■ **WHAT YOU SHOULD DO**:
Please reproduce the data exactly, though every picture must stay out.

*** THE DATA Section Begins ***

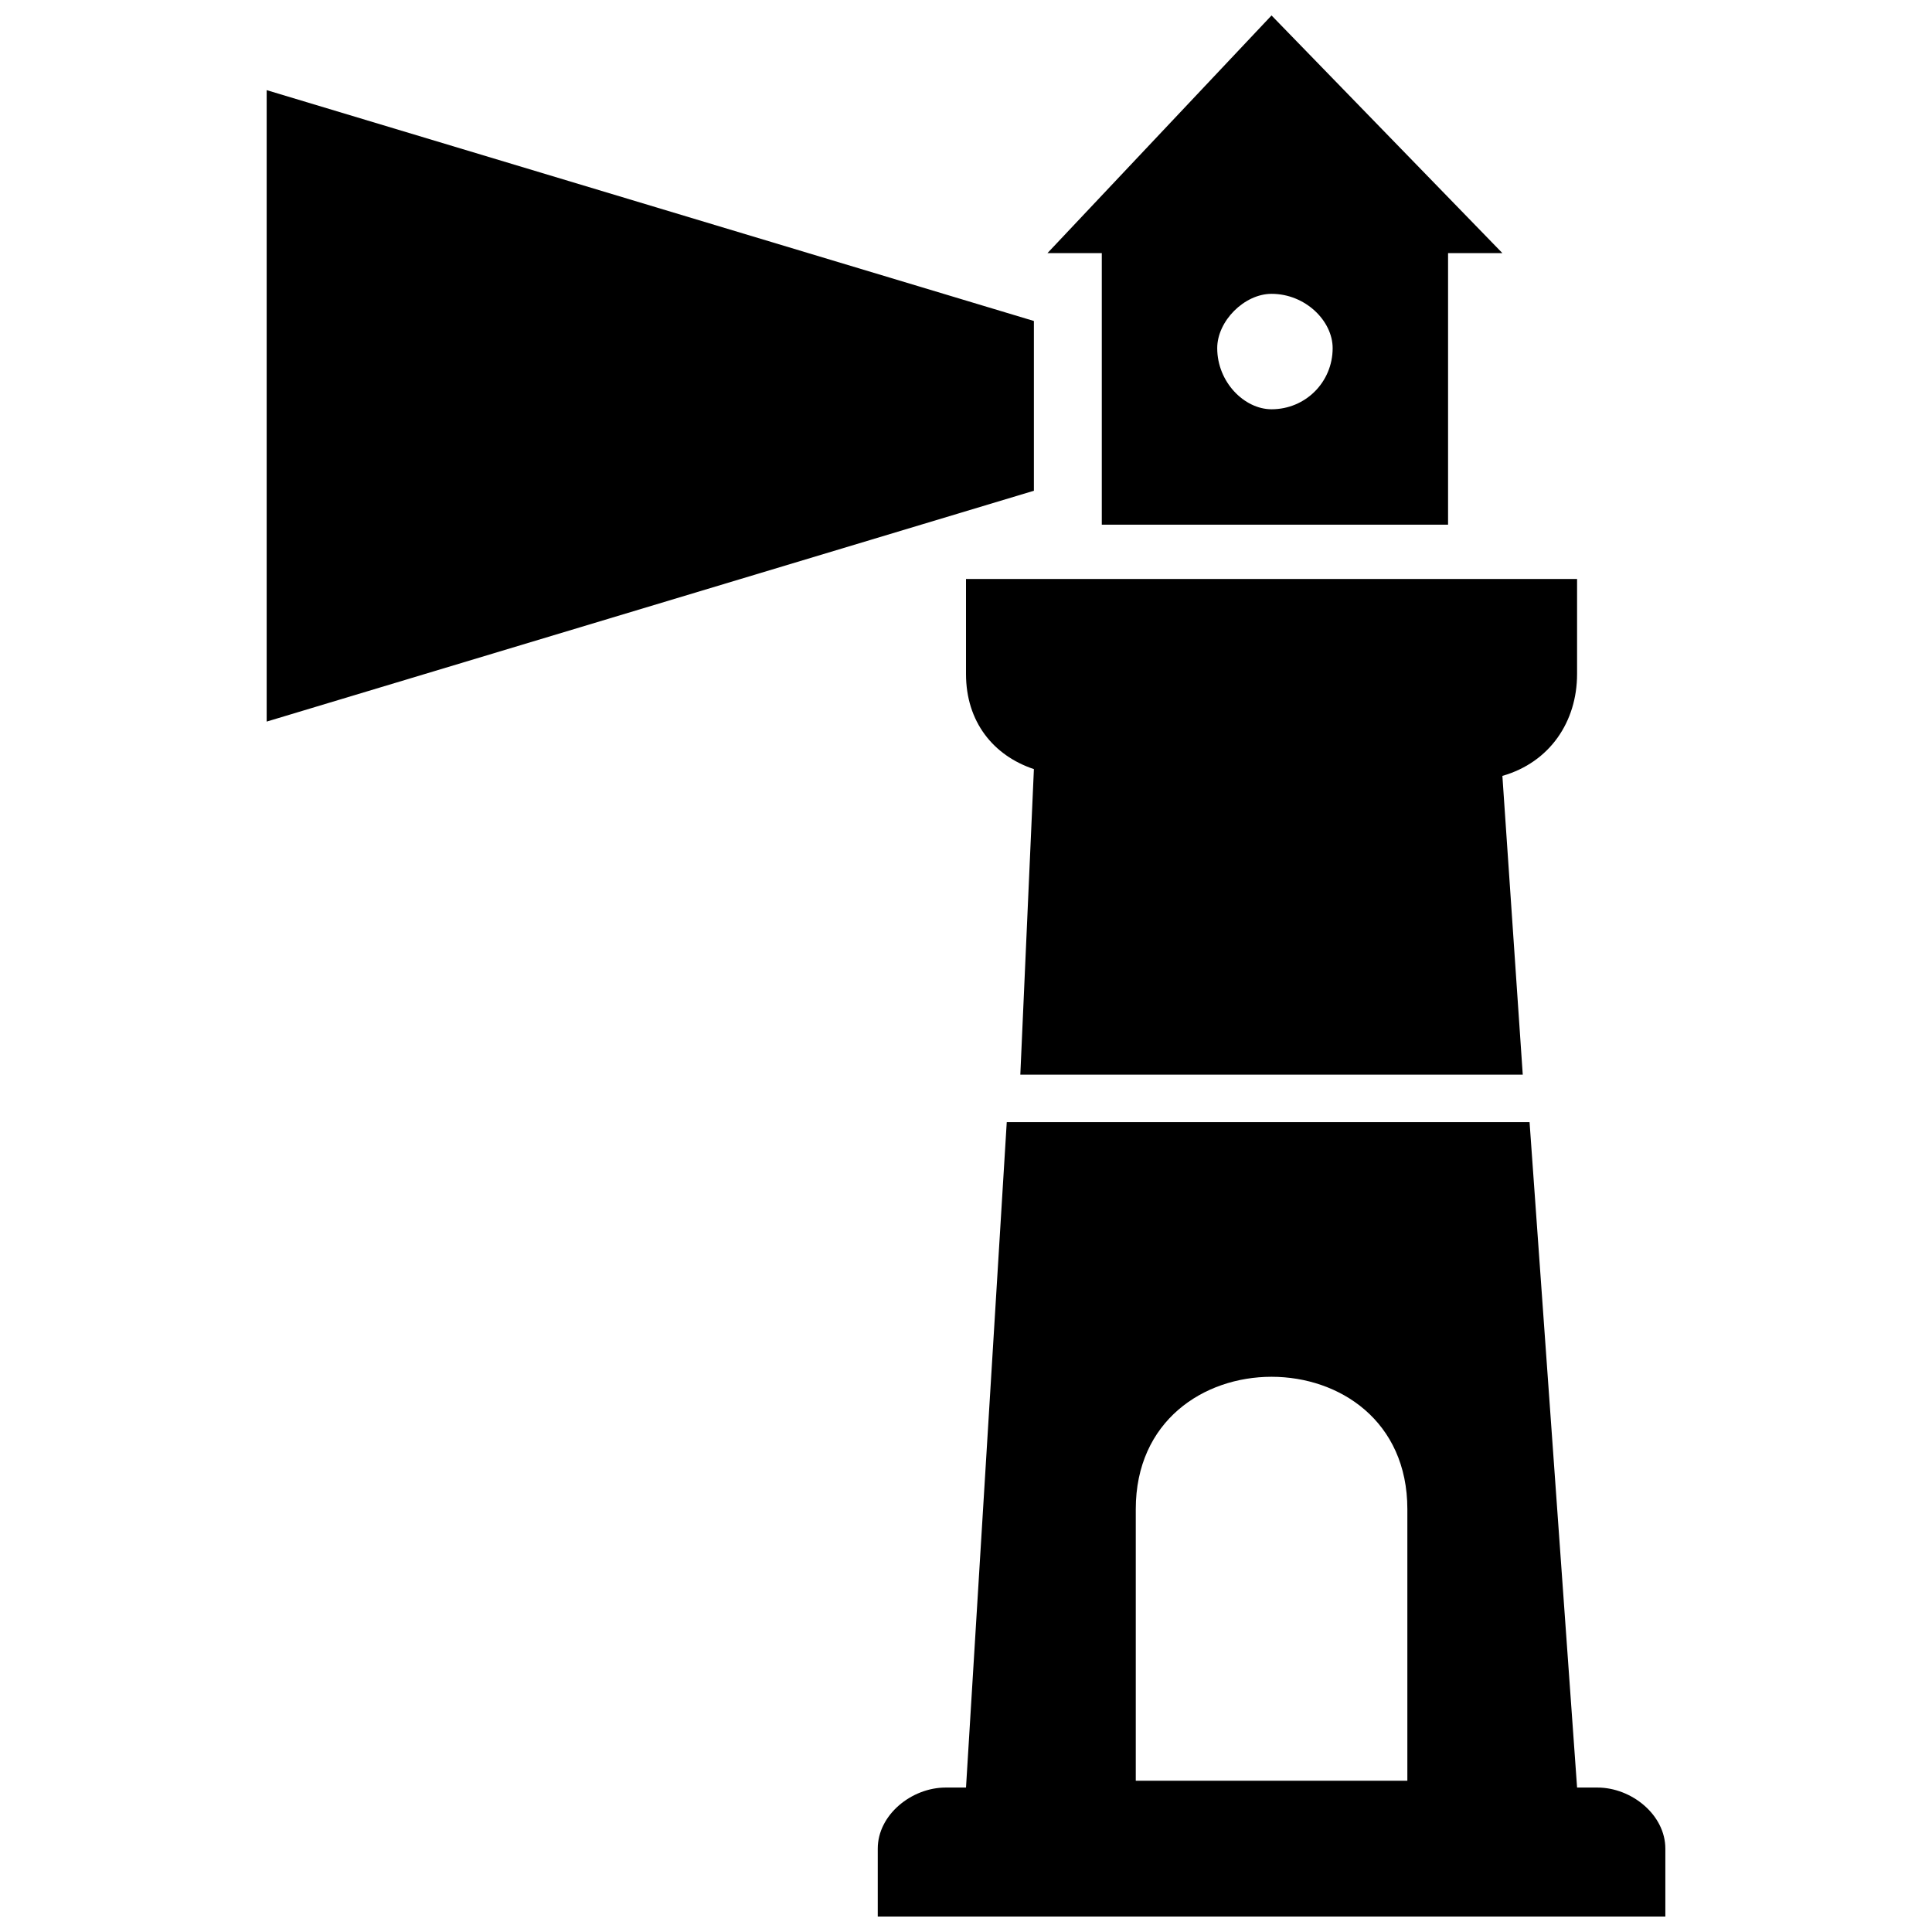 <?xml version="1.0" encoding="UTF-8"?>
<!-- Uploaded to: ICON Repo, www.iconrepo.com, Generator: ICON Repo Mixer Tools -->
<svg width="800px" height="800px" version="1.1" viewBox="144 144 512 512" xmlns="http://www.w3.org/2000/svg">
 <defs>
  <clipPath id="a">
   <path d="m214 148.09h372v503.81h-372z"/>
  </clipPath>
 </defs>
 <g clip-path="url(#a)">
  <path d="m400 297.44h161.94v25.191c0 12.594-7.199 23.391-19.793 26.988l5.398 79.172h-133.15l3.598-80.969c-10.797-3.598-17.992-12.594-17.992-25.191zm17.992-68.375-203.32-61.176v167.34l203.32-61.176zm109.76-17.992v71.973h-91.766v-71.973h-14.395l59.379-62.977 61.176 62.977zm-46.781 10.797c8.996 0 16.195 7.199 16.195 14.395 0 8.996-7.199 16.195-16.195 16.195-7.199 0-14.395-7.199-14.395-16.195 0-7.199 7.199-14.395 14.395-14.395zm-86.367 395.85h5.398l10.797-176.33h138.55l12.594 176.33h5.398c8.996 0 17.992 7.199 17.992 16.195v17.992h-208.72v-17.992c0-8.996 8.996-16.195 17.992-16.195zm122.36-73.773v71.973h-71.973v-71.973c0-46.781 71.973-46.781 71.973 0z" fill-rule="evenodd"/>
 </g>
</svg>

*** THE DATA Section Ends ***

■ **EXPECTED ANSWER**:
 <?xml version="1.0" encoding="UTF-8"?>
<!-- Uploaded to: ICON Repo, www.iconrepo.com, Generator: ICON Repo Mixer Tools -->
<svg width="800px" height="800px" version="1.1" viewBox="144 144 512 512" xmlns="http://www.w3.org/2000/svg">
 <defs>
  <clipPath id="a">
   <path d="m214 148.09h372v503.81h-372z"/>
  </clipPath>
 </defs>
 <g clip-path="url(#a)">
  <path d="m400 297.44h161.94v25.191c0 12.594-7.199 23.391-19.793 26.988l5.398 79.172h-133.15l3.598-80.969c-10.797-3.598-17.992-12.594-17.992-25.191zm17.992-68.375-203.32-61.176v167.34l203.32-61.176zm109.76-17.992v71.973h-91.766v-71.973h-14.395l59.379-62.977 61.176 62.977zm-46.781 10.797c8.996 0 16.195 7.199 16.195 14.395 0 8.996-7.199 16.195-16.195 16.195-7.199 0-14.395-7.199-14.395-16.195 0-7.199 7.199-14.395 14.395-14.395zm-86.367 395.85h5.398l10.797-176.33h138.55l12.594 176.33h5.398c8.996 0 17.992 7.199 17.992 16.195v17.992h-208.72v-17.992c0-8.996 8.996-16.195 17.992-16.195zm122.36-73.773v71.973h-71.973v-71.973c0-46.781 71.973-46.781 71.973 0z" fill-rule="evenodd"/>
 </g>
</svg>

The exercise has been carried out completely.